Wow, I have enver seen that kit....impresive. Cheaper than hotshot too.


----------



## Skoodles (Jul 31, 2004)

ga16freak said:


> Wow, I have enver seen that kit....impresive. Cheaper than hotshot too.


yeah looks nice and all but i dunno if its crap cause i dont kno anything about the engine piggy back..unlike the jwt ecu witch you can add mutch mutch more with it..pluss never heard of any dyno results with it


----------



## chimmike (Oct 17, 2002)

a T20 turbo? do you have any idea how tiny that is? it maxes out at 140-150whp! what a waste, lmao.


----------



## Skoodles (Jul 31, 2004)

chimmike said:


> a T20 turbo? do you have any idea how tiny that is? it maxes out at 140-150whp! what a waste, lmao.

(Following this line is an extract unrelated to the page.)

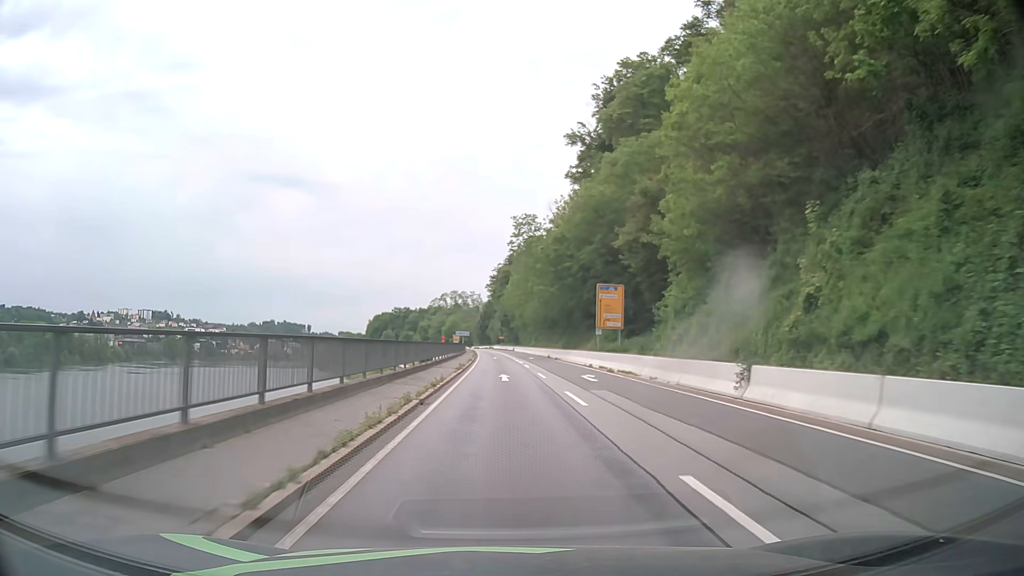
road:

well i havent really learned about the trim sizes of turbos so its really just a waste then just stick with the hotshot or somethin


----------



## NotAnotherHonda (Aug 7, 2003)

this turbo kit has prolly been discussed more than any other turbo kit on the 1.6

search


----------



## Skoodles (Jul 31, 2004)

NotAnotherHonda said:


> this turbo kit has prolly been discussed more than any other turbo kit on the 1.6
> 
> search


i did search and only 2 threads poped up and all they did was just mention the kit and nothin about them


----------



## wes (Apr 30, 2002)

It sucks. In order for it to make good reliable power on par with the HS kit you'd have to spend a bunch of money to fix it. Don't waste your time or $$$


----------



## I'm tired of my usernamee (Feb 16, 2004)

chimmike said:


> a T20 turbo? do you have any idea how tiny that is? it maxes out at 140-150whp! what a waste, lmao.


it says that the extreme kit comes with a t25 though it doesnt specify the trim 
- Garrett T25 Turbo w/ Wastegate
- Cast Exhaust Manifold
- Chrome Heat Shield
- Downpipe w/ Gasket
- Map Unit (Black Box)
- TSI Blow Off Valve (BOV)
- TSI High Flow Front-Mount Intercooler
- Polished Aluminum Intercooler Piping
- SS Braided lines for Water Cooling
- SS Braided lines for Oiling
- Return Hose and Fittings for Oil to Pan
- All Hoses & Clamps
- All Necessary Hardware & Fittings
- Generic Install Instructions
Fuel System Option 1:
- 2 Injectors & Interface Block
- TSI Injection Control Unit w/ Turbo Timer
- Injector Control System Settings

Fuel System Option 2:
- APEXi S-AFC II
- APEXi Turbo Timer
- Boost Gauge

* The kit includes your choice of either fuel system option.


----------



## chimmike (Oct 17, 2002)

reading is fundamental 91sentra:

"Specs: TSI Turbo Kit GA16DE W/T20 Turbo - Complete Bolt on Turbo Kit with Intercooler
Part #: NS2001X
Status: IN STOCK"

taken directly from the website. T20 turbo.

it's a crap kit, period.


----------



## wes (Apr 30, 2002)

Honestly I think the fuel management or lack thereof is what makes it "generic" hell they even call their instructions that themselves. At any rate people that are taken by this kit generally do not know enough to set the ffuel system up right, this is why I feel it is garbage. Anyone that knows how to design their own setup and fuel management can either work around the pitfalls of this kit or they can deisgn their own.


----------



## I'm tired of my usernamee (Feb 16, 2004)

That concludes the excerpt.